The impact of biases in AI is clearly hard-hitting. The problem is, it’s not only limited or skewed data that could create deep-rooted biases in machine learning algorithms driving AI applications. The biases could result from other sources.

Sources of biases in AI tools

Whereas some AI systems “learn” from the data you feed them, others learn from their interactions with real users. Instant messaging apps loaded with AI capabilities are the perfect example. In such cases, however, it’s very likely that the applications will develop the biases of the people whom it interacts with.

Microsoft’s Tay, a Twitter-based chatbot, was absolutely ruined as a result of its interactions with a user community that proved to be highly racist and misogynistic. The result — that chatbot started posting aggressive, racist, and misogynist tweets, causing Microsoft to promptly pull it down, after a mere 24 hours of going live. That chatbot could not think for itself, obviously — it needed to be given some commonsense and tact in its algorithm.

Emergent bias is another source, and though it’s one of the lesser known, it’s the scariest of them all. Consider Facebook: You like a certain kind of statuses, posts, and videos, and you can expect your timeline to be loaded with content “more like the same” as you liked earlier.

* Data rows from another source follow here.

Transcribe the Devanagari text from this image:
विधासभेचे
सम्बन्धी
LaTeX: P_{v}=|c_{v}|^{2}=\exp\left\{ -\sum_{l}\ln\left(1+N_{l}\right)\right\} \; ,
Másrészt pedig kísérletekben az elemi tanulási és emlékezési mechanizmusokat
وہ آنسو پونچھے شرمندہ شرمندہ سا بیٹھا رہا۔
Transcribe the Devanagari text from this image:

This is called “confirmation bias,” wherein the beliefs and values of an individual, related to anything (as trivial as one’s favorite TV series genre to as far-reaching as one’s political affiliations), get reinforced one day after another, purely because the individual is hardly exposed to contradictory information. When Elon Musk calls AI “an existential threat,” it stems a lot from the potential of AI to absolutely numb down the human ability to mature, evolve, change, and adjust, because of emergent biases.

Bias elimination

AI tools

To make sure these prejudices are not present in AI tools, a new category of jobs is about to be created: de-biasing AI tools. Once an AI tool has been created, it will be tested for biases by an expert who is trained in de-biasing machines. Areas like credit and lending have always suffered from human discrimination, and companies that deploy AI tools must be aware of the discriminations by these tools. Most companies are aware of the challenge, and have even started testing the machines to free them from biases.

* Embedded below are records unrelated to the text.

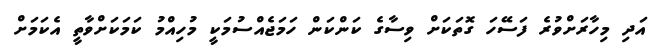
އަދި މިހާރަށްވުރެ ފަސޭހަ ގޮތަކަށް ވިސާގެ ކަންކަން ހަމަޖެއްސުމަކީ މުހިއްމު ކަމަކަށްވާތީ އެކަމަށް
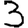
Digit: 3
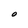
Character: O

What is most concerning is that consumers might never be able to fathom how machines can also turn discriminatory, and keep being treated unfairly without realizing it (scary really — conjures up images of Skynet!). To solve the problem, the people creating the tools and entering data in them must be free from biases — or at least know that they have them and make sure they aren’t imparted into the AI tools.

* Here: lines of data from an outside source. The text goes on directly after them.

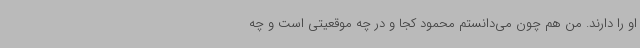
او را دارند. من هم چون می‌دانستم محمود کجا و در چه موقعیتی است و چه
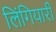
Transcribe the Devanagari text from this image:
लिंगियारी
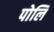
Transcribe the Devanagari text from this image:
पोलि
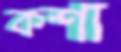
কশা
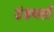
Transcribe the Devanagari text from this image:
दंडधर्ता
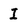
Character: I
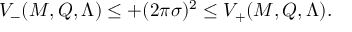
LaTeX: V _ { - } ( M , Q , \Lambda ) \leq + ( 2 \pi \sigma ) ^ { 2 } \leq V _ { + } ( M , Q , \Lambda ) .
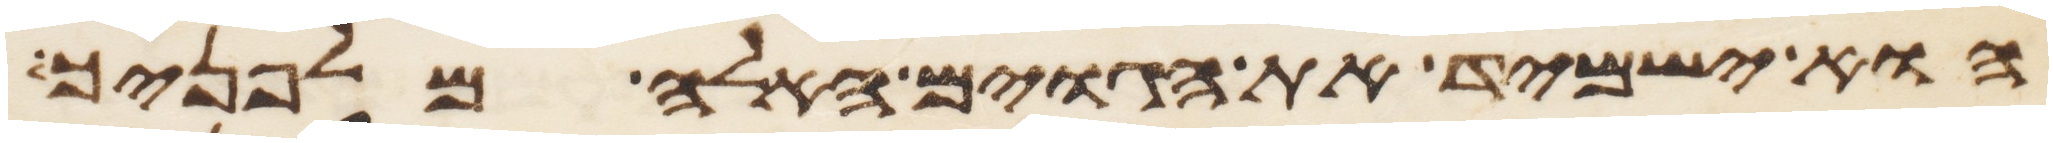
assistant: הוא ישמיד את הגוים האלה מלפניך

But ultimately, all data-driven tools created by humans will always have some amount of bias, and we have to live with it. There is nothing intrinsically wrong with profiling someone though — human beings do it even though some say it is immoral. Without the ability to profile, human evolution would have been curtailed several millennia ago. Detecting danger is part of what makes us human but being biased based on unethical reasons is concerning.

Not an ideal situation, not an ideal world

In the ideal world, machine-learning algorithms would be totally objective. They, however, learn from digital artifacts created by humans, with all their proclivities and biases. However, by acknowledging the existence of these biases, identifying their sources, and eliminating them, AI can be made a lot more objective.